Wilfred Hughes::Blog

programming, language design, and human factors

Hypermedia: How the WWW fell short

Whenever there’s a revolution in computing, there’s a period of wild experimentation. Ideas are explored, prototypes are built, and manifestos are written.

The final outcome does not always achieve the great ambition of the first prototypes. Not everything works well in practice. Some features prove difficult to build, are punted to v2, and never get shipped.

The World Wide Web, with its HyperText Markup Language, was heavily influenced by the ideas of hypermedia. The idea of hyperlinks — cross-referencing documents — was radical. There were even court cases disputing the right to link to content.

The original concept of hypertext was much more ambitious. Early designs, such as the memex and Project Xanadu, had a richer feature set.

Here’s the web they envisaged.

Today’s hyperlinks are one-way: when you visit a webpage, you do not know what links point to it. You can only see what links start from it.

It’s useful information, enabling the reader to discover related pages. Indeed, the basic principle of Google’s PageRank is founded on crawling the web to find back links.

Wikipedia: Pages that link to "PageRank"

Bidirectional links are alive and well in Wikipedia, which provides a ‘What links here’ feature to discover related topics.

Transclusion

Today’s web cannot include one page in another. You could manaully scrape the HTML and paste it in, but then you miss out any future updates.

HTML does provide the <iframe> tag, but the embedded content does not flow into the original page. It’s clunky and rarely used in practice.

Twitter, with its many constraints, does provide a transclusion facility.

The above embedded tweet contains the current retweet and like counts, without me updating my blog post.

Twitter takes this idea further in its clients. If a tweet contains a hyperlink, it includes a preview – another form of transclusion!

Tweet with embedded webpage

Twitter calls this functionality Twitter Cards. For short content, such as other tweets, the preview includes the entire content.

Unique IDs

Web pages are identified by URLs, which are usually unique. Despite W3C pleas not to break URLs, link rot is a very common problem.

Link rot can prevented by adding another level of indirection. PURLs (Persistent URLs) allow users to refer to an URL which they can update if the underlying URL changes.

For example, Keith Shafer (one of the original PURL developers), has a personal web page at purl.oclc.org/keith/home. This originally linked to www.oclc.org:5046/~shafer, which no longer resolves. However, the PURL has been updated, so visitors are now redirected to docs.google.com/document/d/1tnDck…/.

A common source of link rot is page renaming. Stack Overflow, a Q&A site, includes question titles in URLs. These are often edited to clarify the question. Stack Overflow embeds unique question IDs in its URLs to ensure old links work.

Thus http://stackoverflow.com/questions/37089768/does-pharo-provide-tail-call-optimisation is the canonical URL, but http://stackoverflow.com/questions/37089768/foobar still works.

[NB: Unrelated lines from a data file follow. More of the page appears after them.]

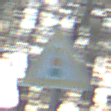
Verkehrszeichen: Lichtzeichenanlage
Umgebung: Outdoor, Nature
Tageszeit: SunriseSunset
Wetter: Clear
Licht: Natural
Jahreszeit: Winter
Kontrast: LowContrast
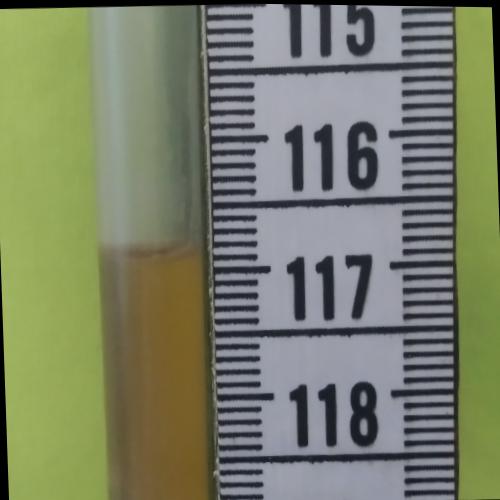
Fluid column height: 116.8 cm
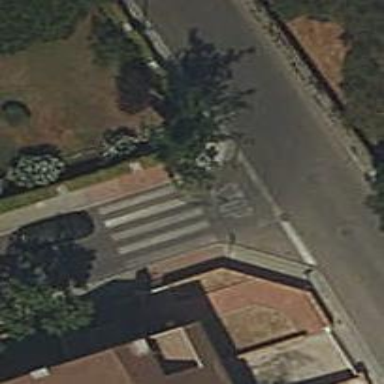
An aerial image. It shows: Marked road crossing with visible crossing markings.
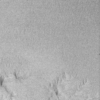
Label: not_dusty
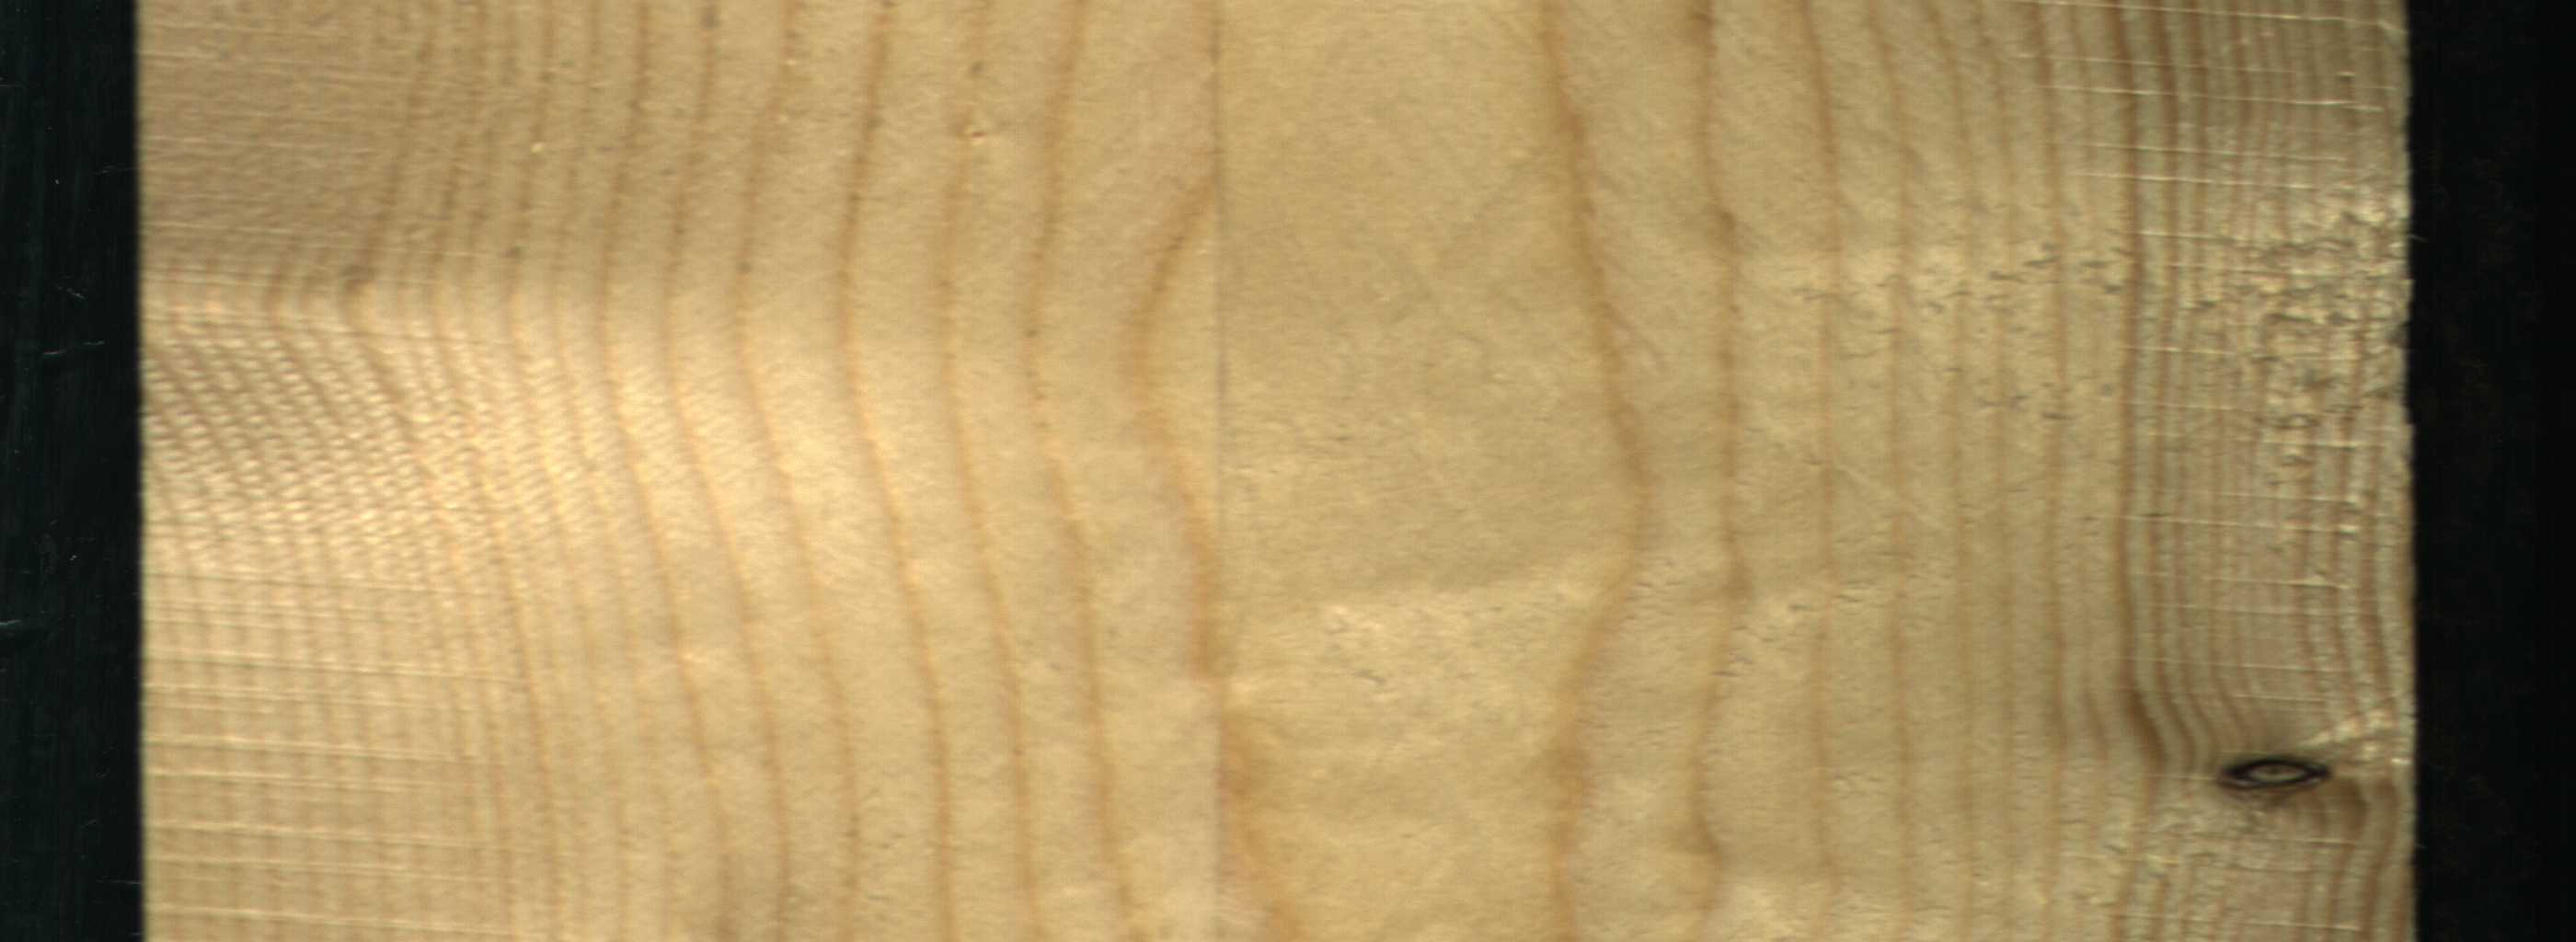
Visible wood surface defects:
Dead_Knot

URLs in today’s web can also reference named HTML tags. For example, http://wilfred.me.uk/blog/2016/06/12/hypermedia-how-the-www-fell-short/#unique-ids directly links to this section of this blog post. However, this requires co-operation from the author: they must provide named anchors, which cannot change in future.

GitHub project README with discoverable section links

A common UI pattern is provide discoverable links on headings in web pages. This assumes that headings never change or repeat in a document, but fits the common use case.

Genius highlights can link to ranges of text

The other major limitation of section links is that they cannot reference a range of tags on a page. Genius (a website offering song lyric interpretations) is one of very few websites that allow users to link to arbitrary sections of a page.

History

Finally, early hypermedia designs kept historical versions of content. You could link to old versions of content if desired.

We don’t have this in today’s web. There’s the Wayback Machine, which periodically snapshots many websites. For high-profile online news, NewsDiffs regularly snapshots stories to see how articles are edited over time.

This is another example where wikis come closer to the traditional idea of hypermedia. https://en.wikipedia.org/wiki/Hypertext links to the current version of the hypertext article on Wikipedia, whereas https://en.wikipedia.org/w/index.php?title=Hypertext&oldid=722248276 explicitly links to the version at time of writing, regardless of future changes.

Looking Forward

Should we throw away today’s web and rebuild? Certainly not.

The web we have works incredibly well. Its feature set has enabled users to write billions of web pages. The technology is standardised and there are many mature implementations.

HTML is still a medium where some things are easy and some things are not. We should not lose sight of how HTML will affect how we communicate. Instead, we should pillage the ideas of the past to make the best use of our content today.